Auf der internationalen Möbelmesse imm Cologne habe ich über 100 Bücher berichtet, die alle Designer kennen sollten. So lautet der Titel eines Buches, das ich Ende letzten Jahres veröffentlicht habe.
Übrigens: Mit »Designer« sind sowohl männliche als auch weibliche als auch diverse Personen gemeint. Ich unterscheide zwischen grammatischem Genus und biologischem Sexus. Selbstverständlich können Sie dazu eine abweichende Ansicht vertreten. Falls Sie diese zur Sprache bringen möchten, würde ich mich sehr darüber freuen, wenn Sie mir eine Nachricht senden, damit wir uns darüber persönlich austauschen können.

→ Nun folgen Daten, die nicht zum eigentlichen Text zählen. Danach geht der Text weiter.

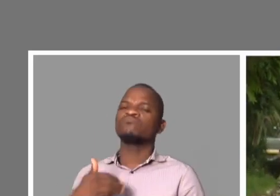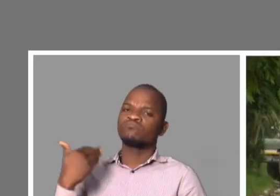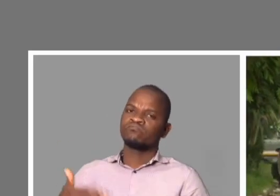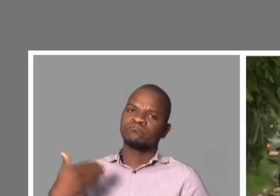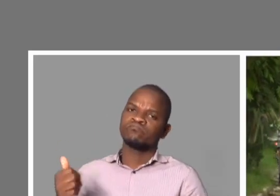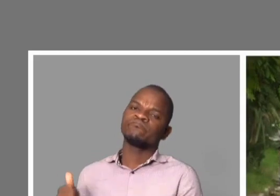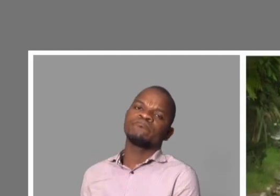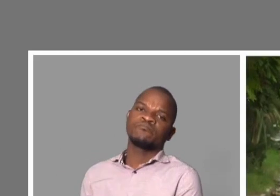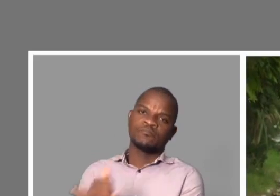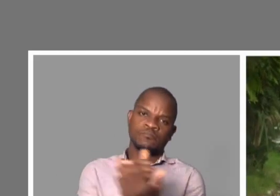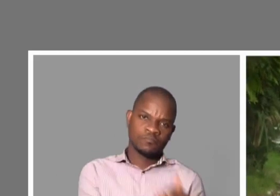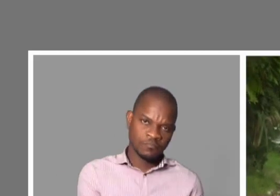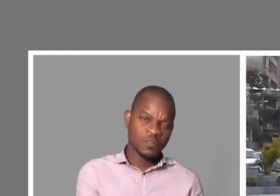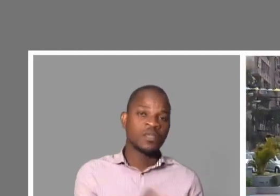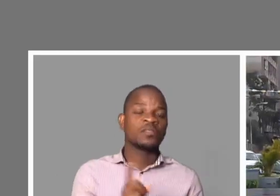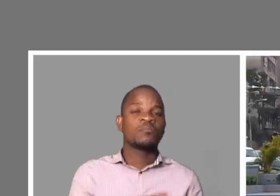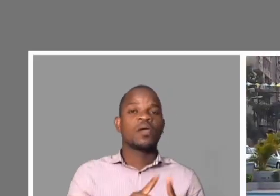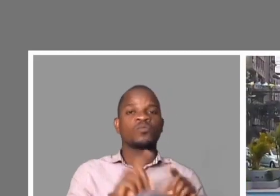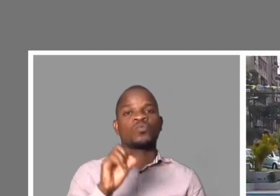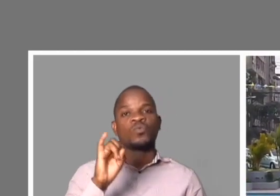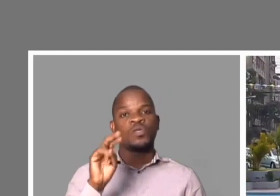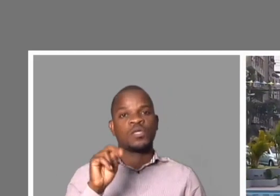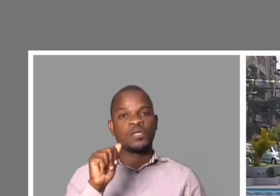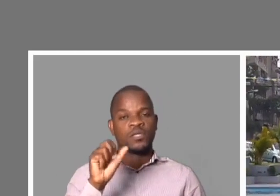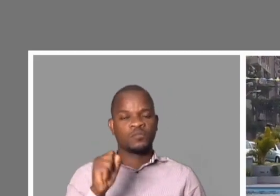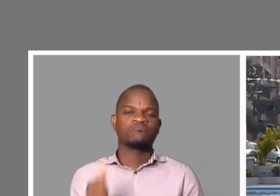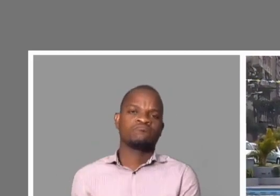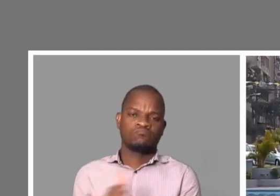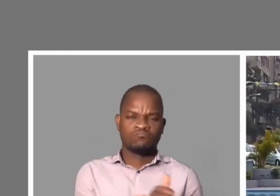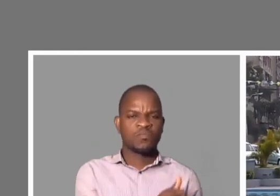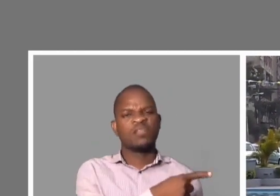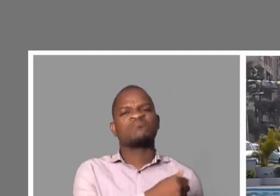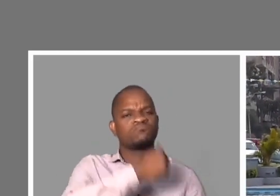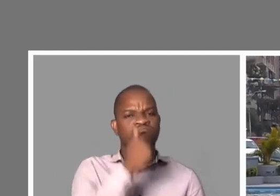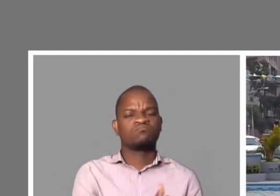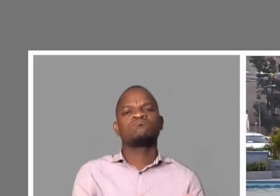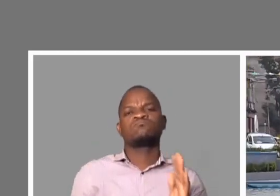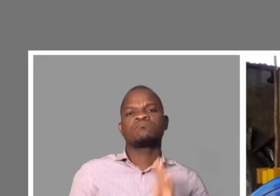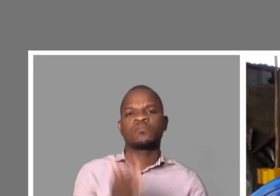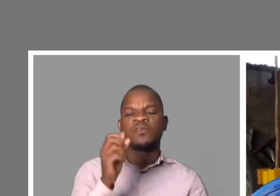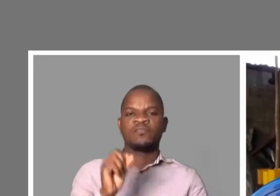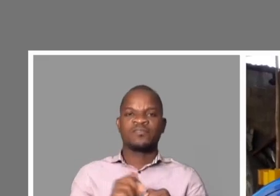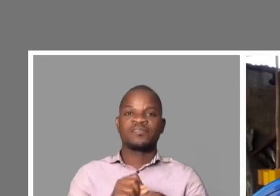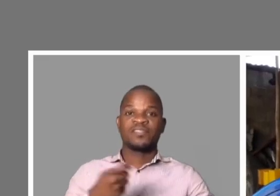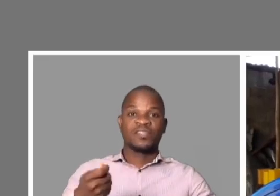Cegos e Ampliopes de Moçambique e do Inas, começou a fazer negócios. Para começar, essa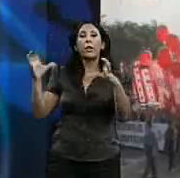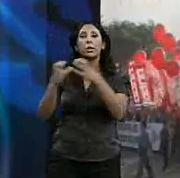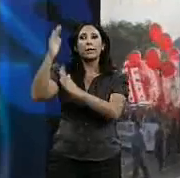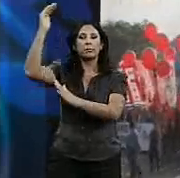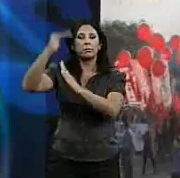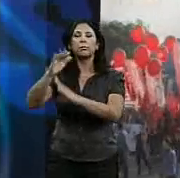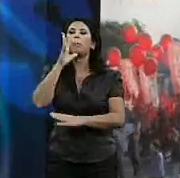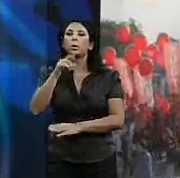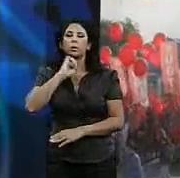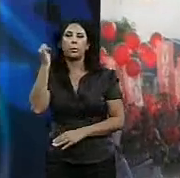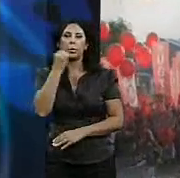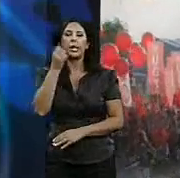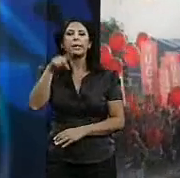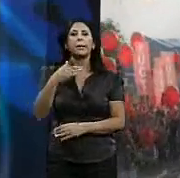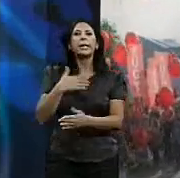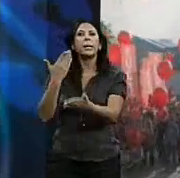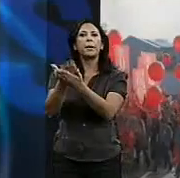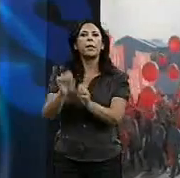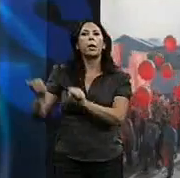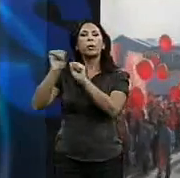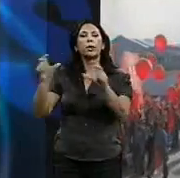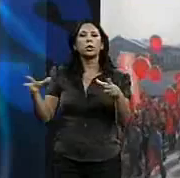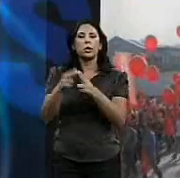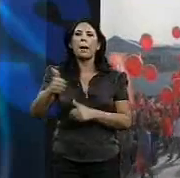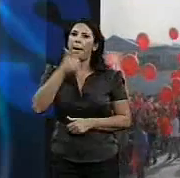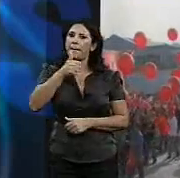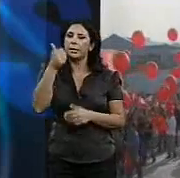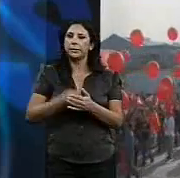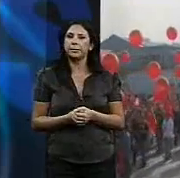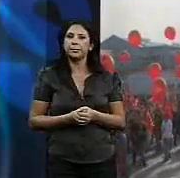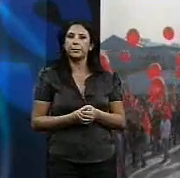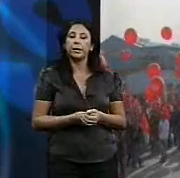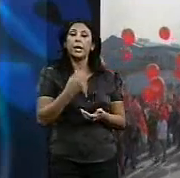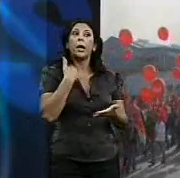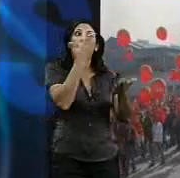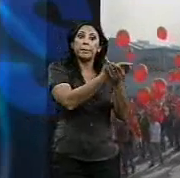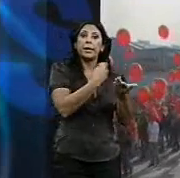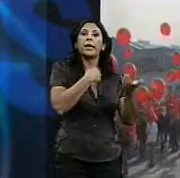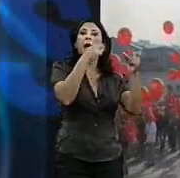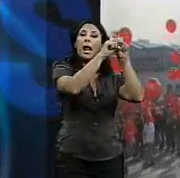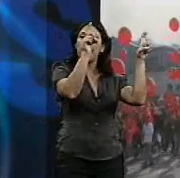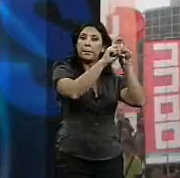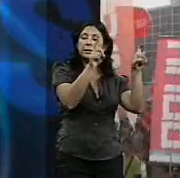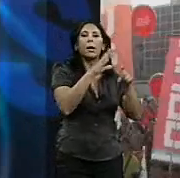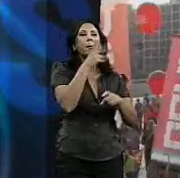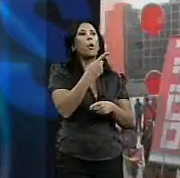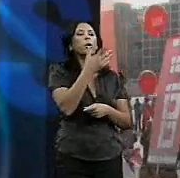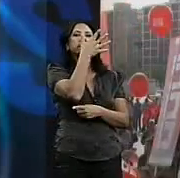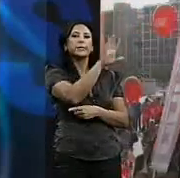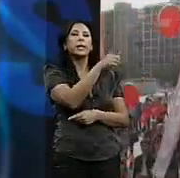reclamar más protección social. Los mensajes sindicales se dirigen por un lado a la patronal, porque denuncian, pretenden eliminar derechos sociales y

Designer lesen nicht. Diese Aussage stammt nicht von mir. Ich lasse auch dahingestellt, ob es sich dabei um eine wertfreie Beobachtung, einen Vorwurf oder Häme handelt.
Designer lesen nicht. Diese Aussage ist in jedem Fall ein Klischee. Ein Vorurteil, dass Designern entgegen gebracht wird, ganz ausdrücklich oder hinter vorgehaltener Hand. Mit dieser Phrase kann Vieles zum Ausdruck gebracht werden. Zum Beispiel, dass Designer angeblich Bilder den Texten vorzögen. Dass visuelle Suggestion ihnen attraktiver erschiene als verbale Information. Dass Designer nur malen wollten.
Designer lesen nicht: Damit kann die Überraschung oder auch das Entsetzen darüber ausgedrückt werden, dass sich Designer bisweilen wie Kinder darüber freuen, wenn sie für sich etwas gänzlich Neues entdeckt haben – aber nicht realisieren, dass ihre Neu-Entdeckung tatsächlich schon längst ein alter Hut ist.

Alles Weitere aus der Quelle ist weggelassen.